(Source records)
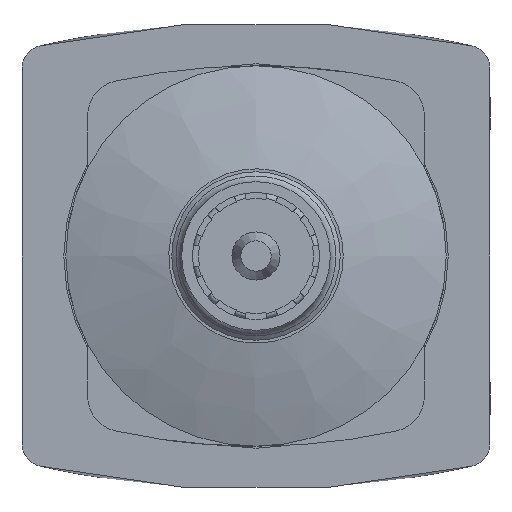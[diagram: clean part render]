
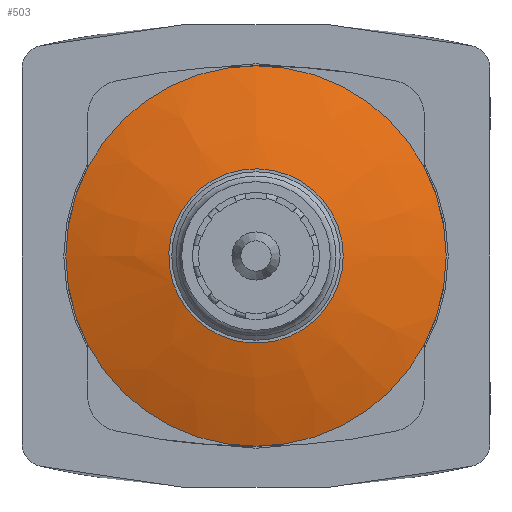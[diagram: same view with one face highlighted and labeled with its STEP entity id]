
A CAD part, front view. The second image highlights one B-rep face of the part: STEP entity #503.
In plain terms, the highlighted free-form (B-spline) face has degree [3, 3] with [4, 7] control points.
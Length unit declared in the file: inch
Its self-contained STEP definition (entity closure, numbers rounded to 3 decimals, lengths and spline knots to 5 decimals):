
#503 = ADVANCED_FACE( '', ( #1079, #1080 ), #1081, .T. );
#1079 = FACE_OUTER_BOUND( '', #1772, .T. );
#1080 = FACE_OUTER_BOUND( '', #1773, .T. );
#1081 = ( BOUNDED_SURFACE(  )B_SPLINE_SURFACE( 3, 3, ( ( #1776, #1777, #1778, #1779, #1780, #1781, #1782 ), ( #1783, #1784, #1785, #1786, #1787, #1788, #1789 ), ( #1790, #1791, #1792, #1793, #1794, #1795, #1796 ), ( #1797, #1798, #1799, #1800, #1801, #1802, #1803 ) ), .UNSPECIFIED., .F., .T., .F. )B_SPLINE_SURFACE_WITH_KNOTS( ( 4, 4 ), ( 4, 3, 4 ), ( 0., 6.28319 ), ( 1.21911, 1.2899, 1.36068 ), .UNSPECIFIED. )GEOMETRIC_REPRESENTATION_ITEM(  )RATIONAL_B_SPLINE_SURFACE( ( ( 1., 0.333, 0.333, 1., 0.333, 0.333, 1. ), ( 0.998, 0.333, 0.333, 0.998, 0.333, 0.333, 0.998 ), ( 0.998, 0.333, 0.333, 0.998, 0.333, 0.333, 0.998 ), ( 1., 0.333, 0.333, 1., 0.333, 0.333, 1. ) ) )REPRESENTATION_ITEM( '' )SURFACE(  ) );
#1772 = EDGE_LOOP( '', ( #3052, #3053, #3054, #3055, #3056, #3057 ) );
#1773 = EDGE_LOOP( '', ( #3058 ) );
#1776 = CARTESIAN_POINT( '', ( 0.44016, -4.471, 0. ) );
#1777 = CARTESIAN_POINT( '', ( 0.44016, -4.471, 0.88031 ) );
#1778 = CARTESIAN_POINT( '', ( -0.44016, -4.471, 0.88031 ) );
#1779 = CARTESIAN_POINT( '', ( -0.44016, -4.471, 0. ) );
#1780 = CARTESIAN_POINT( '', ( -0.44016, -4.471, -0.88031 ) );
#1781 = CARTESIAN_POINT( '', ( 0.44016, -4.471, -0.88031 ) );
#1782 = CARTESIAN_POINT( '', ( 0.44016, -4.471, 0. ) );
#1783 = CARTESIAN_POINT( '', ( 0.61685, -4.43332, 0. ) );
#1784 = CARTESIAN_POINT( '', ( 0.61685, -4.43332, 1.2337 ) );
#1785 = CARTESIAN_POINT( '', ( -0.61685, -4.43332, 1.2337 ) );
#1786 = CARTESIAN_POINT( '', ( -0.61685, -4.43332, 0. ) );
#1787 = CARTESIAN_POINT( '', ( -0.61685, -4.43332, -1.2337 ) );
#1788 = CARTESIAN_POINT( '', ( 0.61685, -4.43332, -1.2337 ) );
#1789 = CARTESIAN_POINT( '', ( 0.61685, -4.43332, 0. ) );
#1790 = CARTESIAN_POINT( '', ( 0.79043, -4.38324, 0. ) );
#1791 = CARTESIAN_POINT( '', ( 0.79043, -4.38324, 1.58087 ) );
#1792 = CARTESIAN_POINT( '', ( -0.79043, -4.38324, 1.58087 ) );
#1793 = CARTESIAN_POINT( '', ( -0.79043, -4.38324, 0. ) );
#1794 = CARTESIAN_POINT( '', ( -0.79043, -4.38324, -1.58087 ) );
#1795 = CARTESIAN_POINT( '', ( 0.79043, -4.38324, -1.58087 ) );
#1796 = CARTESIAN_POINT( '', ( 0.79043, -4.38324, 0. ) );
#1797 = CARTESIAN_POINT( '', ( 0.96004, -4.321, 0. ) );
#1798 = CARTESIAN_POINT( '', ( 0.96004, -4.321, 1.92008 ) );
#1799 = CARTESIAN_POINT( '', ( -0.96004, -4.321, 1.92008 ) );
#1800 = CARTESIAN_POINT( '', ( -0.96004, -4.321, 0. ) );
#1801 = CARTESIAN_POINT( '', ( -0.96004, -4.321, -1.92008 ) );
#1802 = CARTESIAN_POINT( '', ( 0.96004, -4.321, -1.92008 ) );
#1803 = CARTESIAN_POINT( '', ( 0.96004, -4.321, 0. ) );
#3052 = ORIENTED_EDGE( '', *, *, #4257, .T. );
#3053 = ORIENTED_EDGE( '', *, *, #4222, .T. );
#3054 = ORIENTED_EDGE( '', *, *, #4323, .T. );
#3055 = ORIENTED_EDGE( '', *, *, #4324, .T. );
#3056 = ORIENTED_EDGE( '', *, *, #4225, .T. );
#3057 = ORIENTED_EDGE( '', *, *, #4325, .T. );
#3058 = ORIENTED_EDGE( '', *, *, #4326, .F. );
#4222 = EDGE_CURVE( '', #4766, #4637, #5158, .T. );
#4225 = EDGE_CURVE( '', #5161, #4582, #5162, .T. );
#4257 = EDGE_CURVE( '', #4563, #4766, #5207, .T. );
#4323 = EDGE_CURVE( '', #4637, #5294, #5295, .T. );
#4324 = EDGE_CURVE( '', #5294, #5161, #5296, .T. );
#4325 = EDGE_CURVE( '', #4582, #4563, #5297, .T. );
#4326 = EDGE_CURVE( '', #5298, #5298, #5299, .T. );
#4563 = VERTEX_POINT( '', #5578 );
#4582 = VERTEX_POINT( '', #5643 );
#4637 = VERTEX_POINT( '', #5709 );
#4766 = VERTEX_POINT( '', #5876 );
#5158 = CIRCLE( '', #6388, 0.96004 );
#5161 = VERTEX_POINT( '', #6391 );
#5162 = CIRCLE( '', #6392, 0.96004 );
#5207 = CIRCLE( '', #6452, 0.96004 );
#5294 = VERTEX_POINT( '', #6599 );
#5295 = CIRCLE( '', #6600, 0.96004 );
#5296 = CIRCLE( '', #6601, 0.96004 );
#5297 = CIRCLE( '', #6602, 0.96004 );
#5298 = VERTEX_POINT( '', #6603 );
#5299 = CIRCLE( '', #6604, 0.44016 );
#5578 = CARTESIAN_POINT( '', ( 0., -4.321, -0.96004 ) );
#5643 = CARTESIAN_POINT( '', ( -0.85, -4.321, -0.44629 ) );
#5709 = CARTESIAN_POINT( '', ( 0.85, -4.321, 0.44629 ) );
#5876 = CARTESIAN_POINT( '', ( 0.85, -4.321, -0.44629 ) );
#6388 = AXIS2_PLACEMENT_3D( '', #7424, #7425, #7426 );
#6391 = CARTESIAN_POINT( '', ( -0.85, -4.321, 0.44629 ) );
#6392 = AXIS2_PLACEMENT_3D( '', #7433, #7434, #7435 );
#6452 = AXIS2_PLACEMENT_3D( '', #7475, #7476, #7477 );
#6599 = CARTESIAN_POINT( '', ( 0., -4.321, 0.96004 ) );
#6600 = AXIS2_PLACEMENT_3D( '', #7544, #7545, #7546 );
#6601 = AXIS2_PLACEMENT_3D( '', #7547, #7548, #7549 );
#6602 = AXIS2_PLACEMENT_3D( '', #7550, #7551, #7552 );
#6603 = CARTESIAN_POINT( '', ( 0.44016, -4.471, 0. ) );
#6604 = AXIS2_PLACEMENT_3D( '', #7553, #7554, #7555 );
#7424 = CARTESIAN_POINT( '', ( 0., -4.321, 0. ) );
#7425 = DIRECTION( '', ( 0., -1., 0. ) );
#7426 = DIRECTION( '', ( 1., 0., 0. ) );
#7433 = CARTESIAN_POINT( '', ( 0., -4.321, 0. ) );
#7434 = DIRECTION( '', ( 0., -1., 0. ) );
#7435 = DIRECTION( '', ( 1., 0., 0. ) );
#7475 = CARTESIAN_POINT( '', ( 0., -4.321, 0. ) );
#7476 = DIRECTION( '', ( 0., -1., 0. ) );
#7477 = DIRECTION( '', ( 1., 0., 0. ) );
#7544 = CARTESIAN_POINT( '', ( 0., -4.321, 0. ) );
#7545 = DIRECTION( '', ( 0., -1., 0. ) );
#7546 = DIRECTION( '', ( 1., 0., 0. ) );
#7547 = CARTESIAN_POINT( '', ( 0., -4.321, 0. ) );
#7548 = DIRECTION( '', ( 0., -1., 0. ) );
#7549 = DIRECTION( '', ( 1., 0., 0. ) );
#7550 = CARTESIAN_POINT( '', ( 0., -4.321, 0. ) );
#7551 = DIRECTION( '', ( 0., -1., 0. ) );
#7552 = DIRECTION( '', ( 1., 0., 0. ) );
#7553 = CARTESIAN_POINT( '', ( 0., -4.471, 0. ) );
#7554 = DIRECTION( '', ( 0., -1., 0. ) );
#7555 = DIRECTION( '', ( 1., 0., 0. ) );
* * *
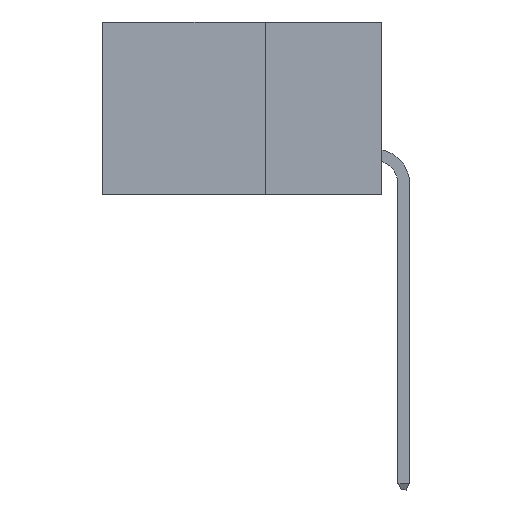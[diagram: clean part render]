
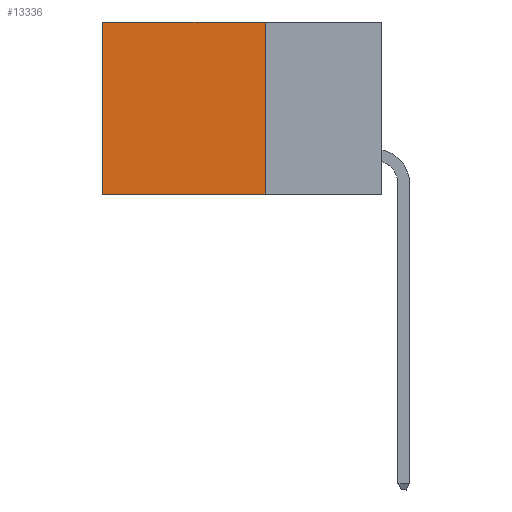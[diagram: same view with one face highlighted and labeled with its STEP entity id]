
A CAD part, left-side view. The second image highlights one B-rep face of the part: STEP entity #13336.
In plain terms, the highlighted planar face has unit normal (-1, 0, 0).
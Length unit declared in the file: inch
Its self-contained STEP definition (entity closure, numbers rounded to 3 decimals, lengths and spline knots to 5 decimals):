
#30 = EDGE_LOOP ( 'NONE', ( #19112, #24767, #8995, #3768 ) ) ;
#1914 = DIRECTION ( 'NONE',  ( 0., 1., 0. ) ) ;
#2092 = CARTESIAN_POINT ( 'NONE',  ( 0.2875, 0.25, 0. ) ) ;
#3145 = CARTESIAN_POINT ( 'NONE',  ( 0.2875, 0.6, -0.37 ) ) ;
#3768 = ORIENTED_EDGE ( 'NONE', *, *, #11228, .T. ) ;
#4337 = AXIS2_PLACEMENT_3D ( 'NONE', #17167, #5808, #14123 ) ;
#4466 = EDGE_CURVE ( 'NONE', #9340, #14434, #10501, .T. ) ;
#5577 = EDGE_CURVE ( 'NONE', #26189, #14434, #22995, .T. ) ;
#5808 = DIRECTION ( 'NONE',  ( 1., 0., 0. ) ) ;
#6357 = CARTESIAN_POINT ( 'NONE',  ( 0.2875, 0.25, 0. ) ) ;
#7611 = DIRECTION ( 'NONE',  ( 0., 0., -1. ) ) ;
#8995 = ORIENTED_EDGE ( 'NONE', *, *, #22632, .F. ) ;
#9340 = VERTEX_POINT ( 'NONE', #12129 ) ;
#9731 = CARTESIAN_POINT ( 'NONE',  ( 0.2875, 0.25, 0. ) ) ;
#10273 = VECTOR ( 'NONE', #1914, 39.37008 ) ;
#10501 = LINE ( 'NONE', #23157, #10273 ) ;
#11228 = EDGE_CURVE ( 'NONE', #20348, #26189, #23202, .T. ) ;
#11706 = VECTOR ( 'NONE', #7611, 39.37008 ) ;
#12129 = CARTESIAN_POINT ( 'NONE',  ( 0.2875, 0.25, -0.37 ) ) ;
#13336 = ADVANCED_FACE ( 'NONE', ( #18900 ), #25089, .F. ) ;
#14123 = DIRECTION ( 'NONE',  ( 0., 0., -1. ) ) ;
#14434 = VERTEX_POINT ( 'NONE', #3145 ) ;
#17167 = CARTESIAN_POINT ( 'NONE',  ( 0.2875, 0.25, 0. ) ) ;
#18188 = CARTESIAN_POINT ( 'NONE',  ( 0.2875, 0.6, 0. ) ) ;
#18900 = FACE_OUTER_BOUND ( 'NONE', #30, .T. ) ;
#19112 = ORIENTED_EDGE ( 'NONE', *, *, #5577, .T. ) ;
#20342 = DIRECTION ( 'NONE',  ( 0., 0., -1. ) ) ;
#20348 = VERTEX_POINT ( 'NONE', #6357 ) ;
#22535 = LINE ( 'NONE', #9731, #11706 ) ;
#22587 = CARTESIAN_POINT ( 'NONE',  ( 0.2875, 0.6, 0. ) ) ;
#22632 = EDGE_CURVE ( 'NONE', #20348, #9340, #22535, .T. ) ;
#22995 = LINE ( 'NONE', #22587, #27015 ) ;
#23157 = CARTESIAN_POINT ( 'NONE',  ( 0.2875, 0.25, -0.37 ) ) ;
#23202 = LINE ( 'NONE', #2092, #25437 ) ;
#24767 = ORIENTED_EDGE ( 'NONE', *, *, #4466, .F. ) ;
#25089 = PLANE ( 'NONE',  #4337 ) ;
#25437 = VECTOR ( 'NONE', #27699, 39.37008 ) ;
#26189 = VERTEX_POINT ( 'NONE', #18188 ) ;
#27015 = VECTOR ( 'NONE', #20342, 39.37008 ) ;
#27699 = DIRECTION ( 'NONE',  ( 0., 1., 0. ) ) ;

*Action item*: Where does the string "plain" occur in the data above? Copy every line that holds it.

*Exercise answer*:
In plain terms, the highlighted free-form (B-spline) face has degree [3, 3] with [4, 7] control points.
In plain terms, the highlighted planar face has unit normal (-1, 0, 0).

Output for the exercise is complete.